--- MATERIAL PROVIDED ---
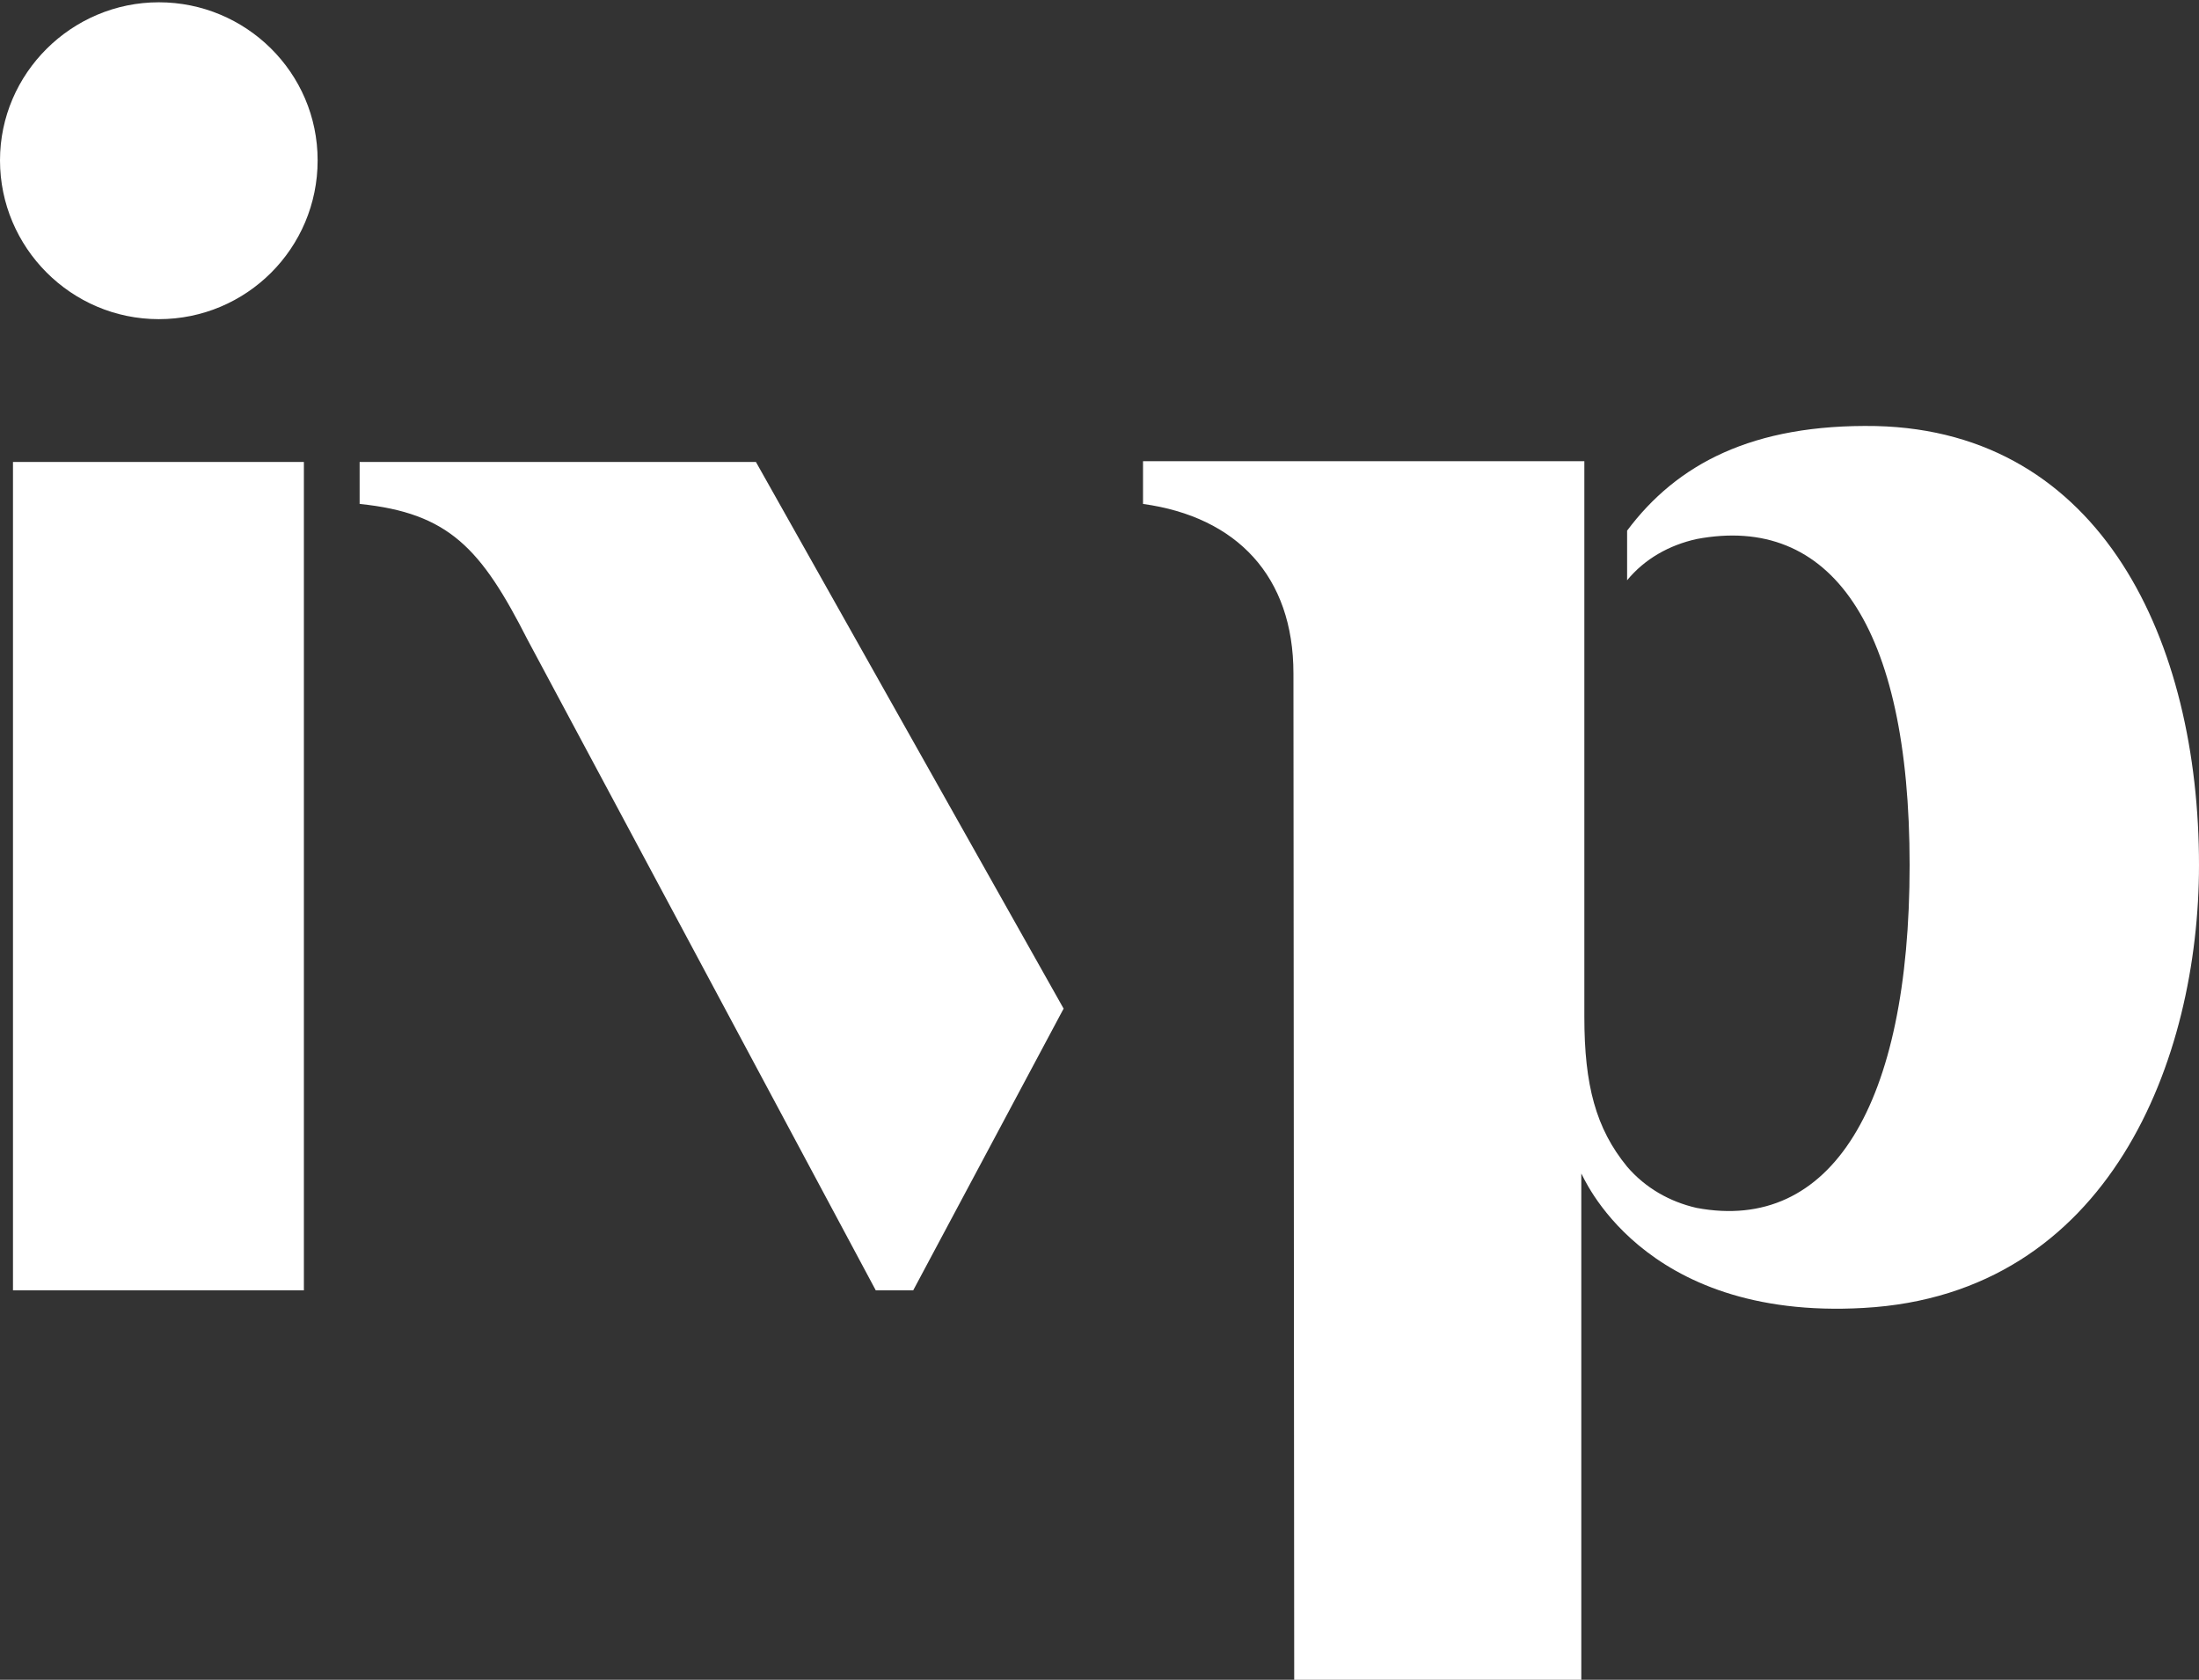 <svg version="1.1" id="Layer_1" xmlns="http://www.w3.org/2000/svg" xmlns:xlink="http://www.w3.org/1999/xlink" x="0px" y="0px" viewBox="0 0 288 220" style="enable-background:new 0 0 288 220;" xml:space="preserve">
<rect x="0" y="0" width="288" height="220" fill="#333333" stroke="none"/>
<style type="text/css">
	.st0{fill:#FFFFFF;}
</style>
<path class="st0" d="M99,60.5H47.1V66c11.7,1.2,15.9,5.8,22,17.8l45.6,85.2h4.9l19.7-36.9L99,60.5z M39.8,60.5H1.7V169h38.1V60.5z
	 M20.8,41.8c11.5,0,20.8-9.3,20.8-20.8S32.2,0.3,20.8,0.3S0,9.6,0,21S9.3,41.8,20.8,41.8z M244.1,171.3c32.2-1.8,43.9-32.6,43.9-58
	c0-29.2-12.7-56.8-42.3-57.5c-16.2-0.3-26.1,5-32.6,13.7v6.5c2.3-2.8,5.5-4.6,9.1-5.4c17.5-3.3,27.9,11.2,27.9,42.7
	s-10.3,48.2-27.9,44.9c-3.5-0.8-6.7-2.6-9.1-5.4c-4.1-5-5.6-10.7-5.6-19.6V60.4h-57.8V66c12.3,1.7,19.7,9.5,19.7,22.2
	c0,5.8,0.1,131.8,0.1,131.8h37.6v-66.3C207.2,153.6,214.7,173,244.1,171.3z"></path>
</svg>
---
■ **WORK TO COMPLETE**
Please set down the whole listing exactly, apart from the pictures.

■ **ANSWER AREA**
 <svg version="1.1" id="Layer_1" xmlns="http://www.w3.org/2000/svg" xmlns:xlink="http://www.w3.org/1999/xlink" x="0px" y="0px" viewBox="0 0 288 220" style="enable-background:new 0 0 288 220;" xml:space="preserve">
<rect x="0" y="0" width="288" height="220" fill="#333333" stroke="none"/>
<style type="text/css">
	.st0{fill:#FFFFFF;}
</style>
<path class="st0" d="M99,60.5H47.1V66c11.7,1.2,15.9,5.8,22,17.8l45.6,85.2h4.9l19.7-36.9L99,60.5z M39.8,60.5H1.7V169h38.1V60.5z
	 M20.8,41.8c11.5,0,20.8-9.3,20.8-20.8S32.2,0.3,20.8,0.3S0,9.6,0,21S9.3,41.8,20.8,41.8z M244.1,171.3c32.2-1.8,43.9-32.6,43.9-58
	c0-29.2-12.7-56.8-42.3-57.5c-16.2-0.3-26.1,5-32.6,13.7v6.5c2.3-2.8,5.5-4.6,9.1-5.4c17.5-3.3,27.9,11.2,27.9,42.7
	s-10.3,48.2-27.9,44.9c-3.5-0.8-6.7-2.6-9.1-5.4c-4.1-5-5.6-10.7-5.6-19.6V60.4h-57.8V66c12.3,1.7,19.7,9.5,19.7,22.2
	c0,5.8,0.1,131.8,0.1,131.8h37.6v-66.3C207.2,153.6,214.7,173,244.1,171.3z"></path>
</svg>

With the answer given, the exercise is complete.